# [SOLVED] Power Managment w KDE 4.3

## follow_by_white_rabbit

Po staniej aktualizacji (na oko pakiety nie miały nic wspólnego zarządzaniem energią) przestały działać wszelkie wskaźniki stanu baterii, oszczędzania energii itp itd w KDE 4.3, a manager urządzeń i panel power managmnet z centrum sterowanie nie ma informacji o procesorach i dyskach.

Wcześniej wszystko działało out-of-box, więc sprawdziłem jądro, acpi, reemergowałem kde-base/powerdevil, sprawdziłem usługi i demony... i nic dalej to samo.

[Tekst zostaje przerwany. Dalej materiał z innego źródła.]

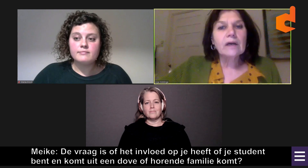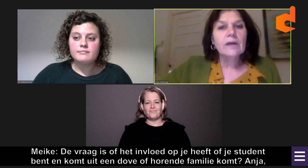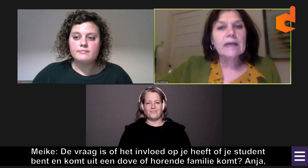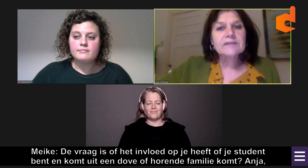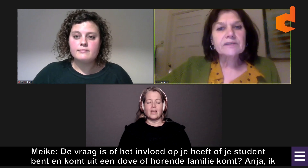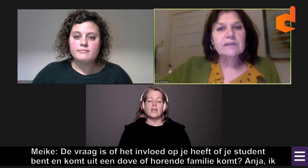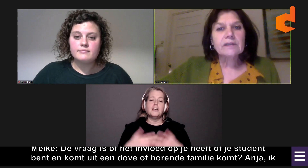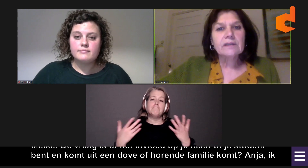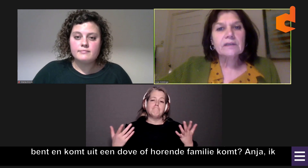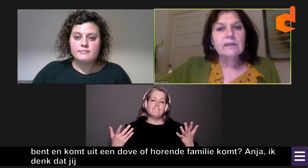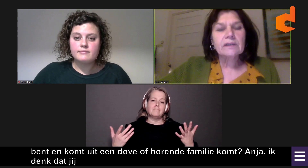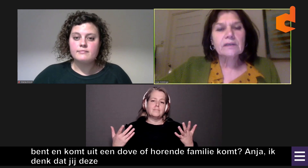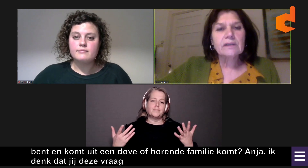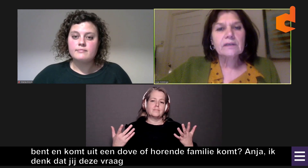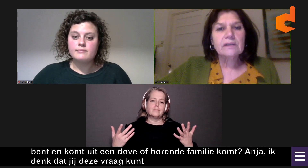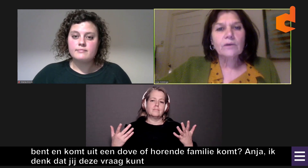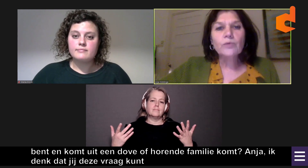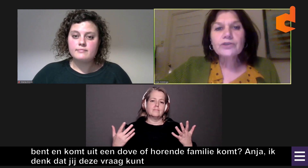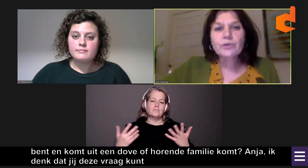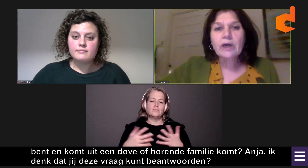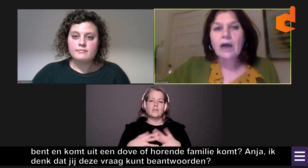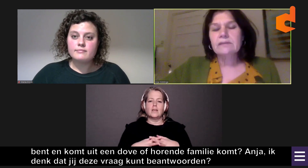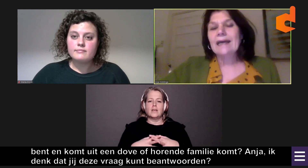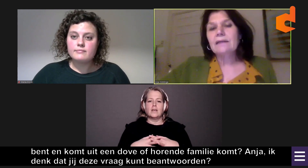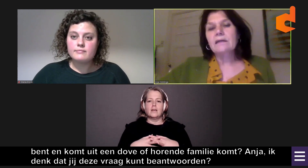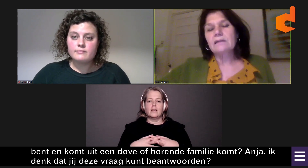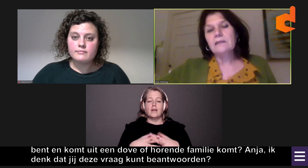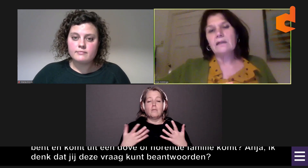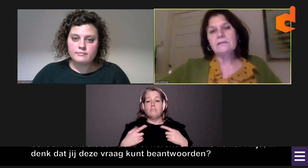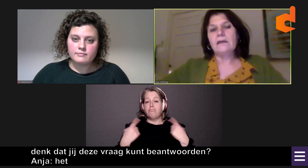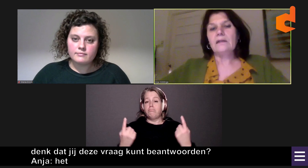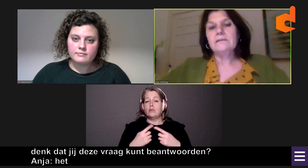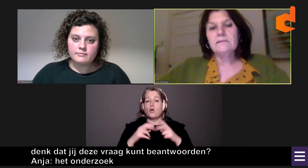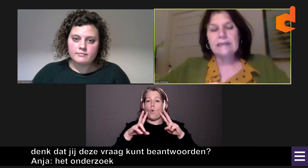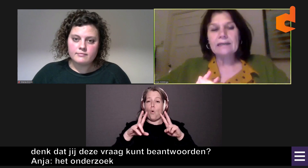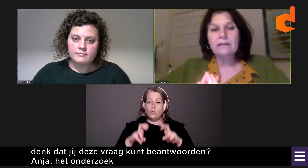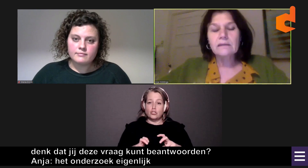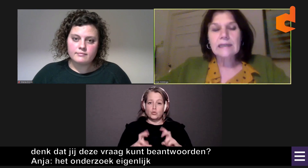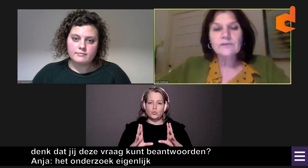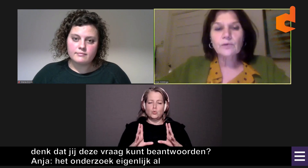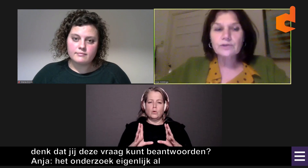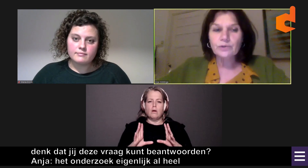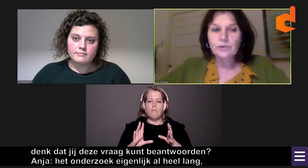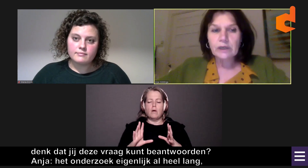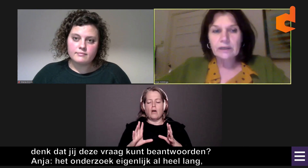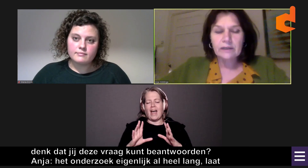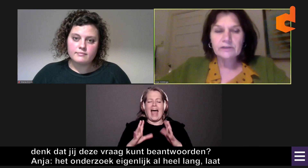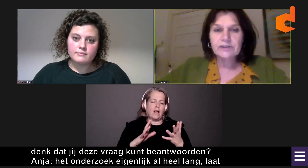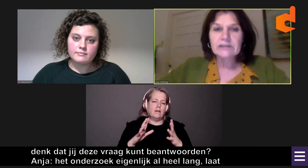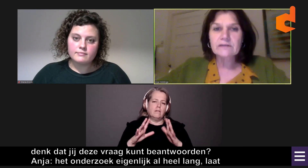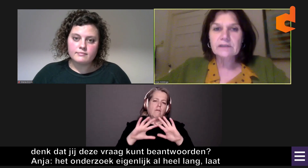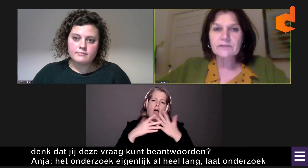Nou, onderzoek eigenlijk al heel lang laat onderzoek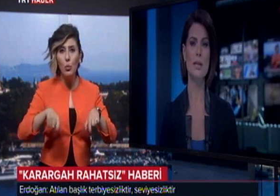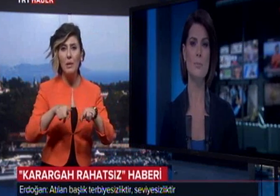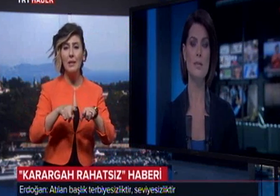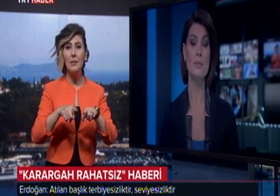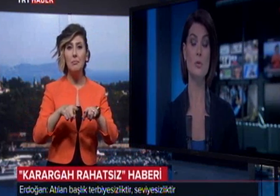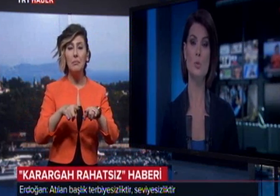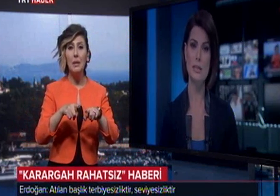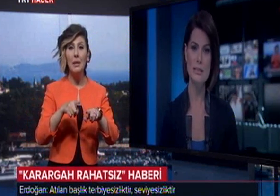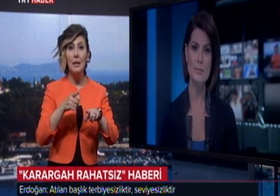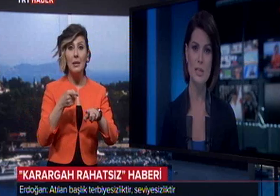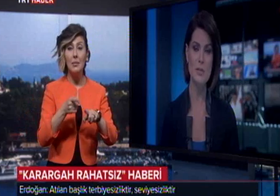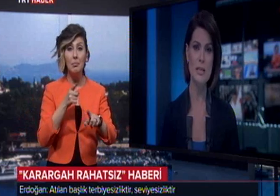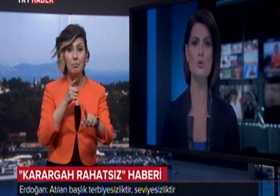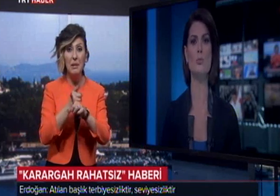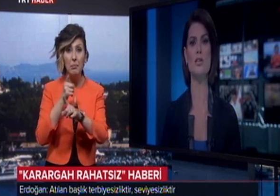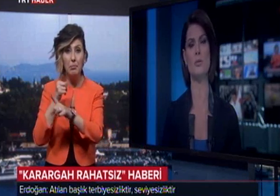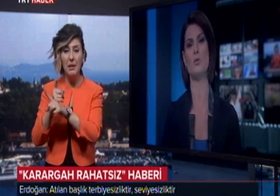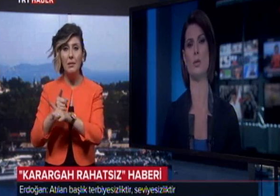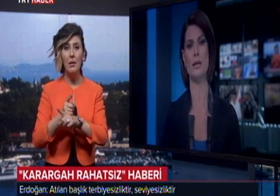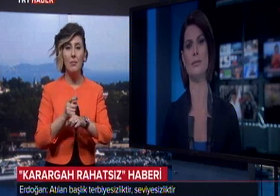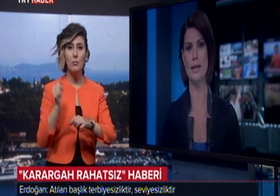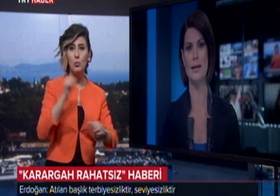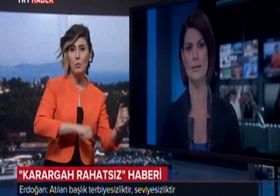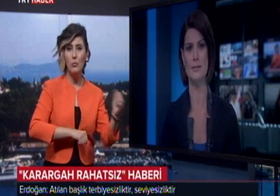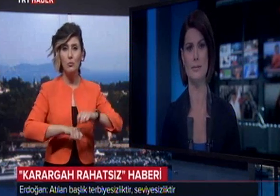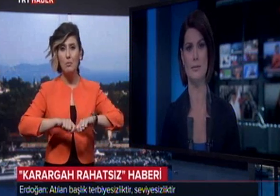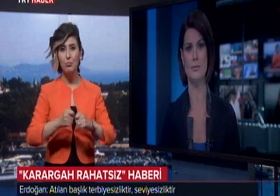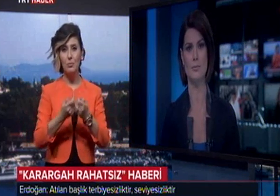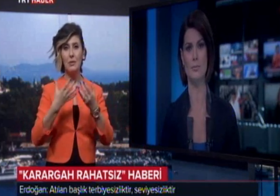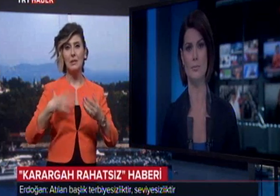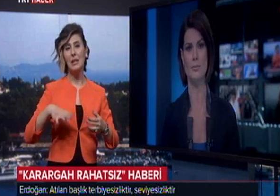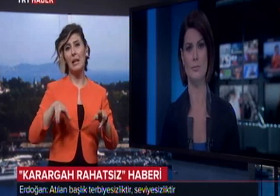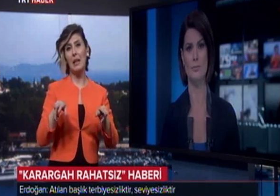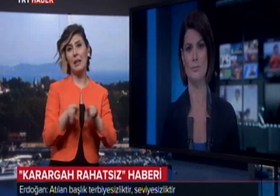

Ktoś może pomóc ??Last edited by follow_by_white_rabbit on Sat Jul 03, 2010 11:23 am; edited 1 time in total

----------

## lsdudi

masz sys-power/guidance-power-manager ??

poka emerge --info

----------

## follow_by_white_rabbit

Można już odznaczyć jako [SOLVED]. Co prawda nie wiem jak, ale w jakiś cudowny sposób zarządzanie energią powróciło (dokładnie 2h po założeniu postu na forum  :Wink:  ).

----------

## Kurt Steiner

No to oznacz jako [SOLVED] - to Twój wątek...

----------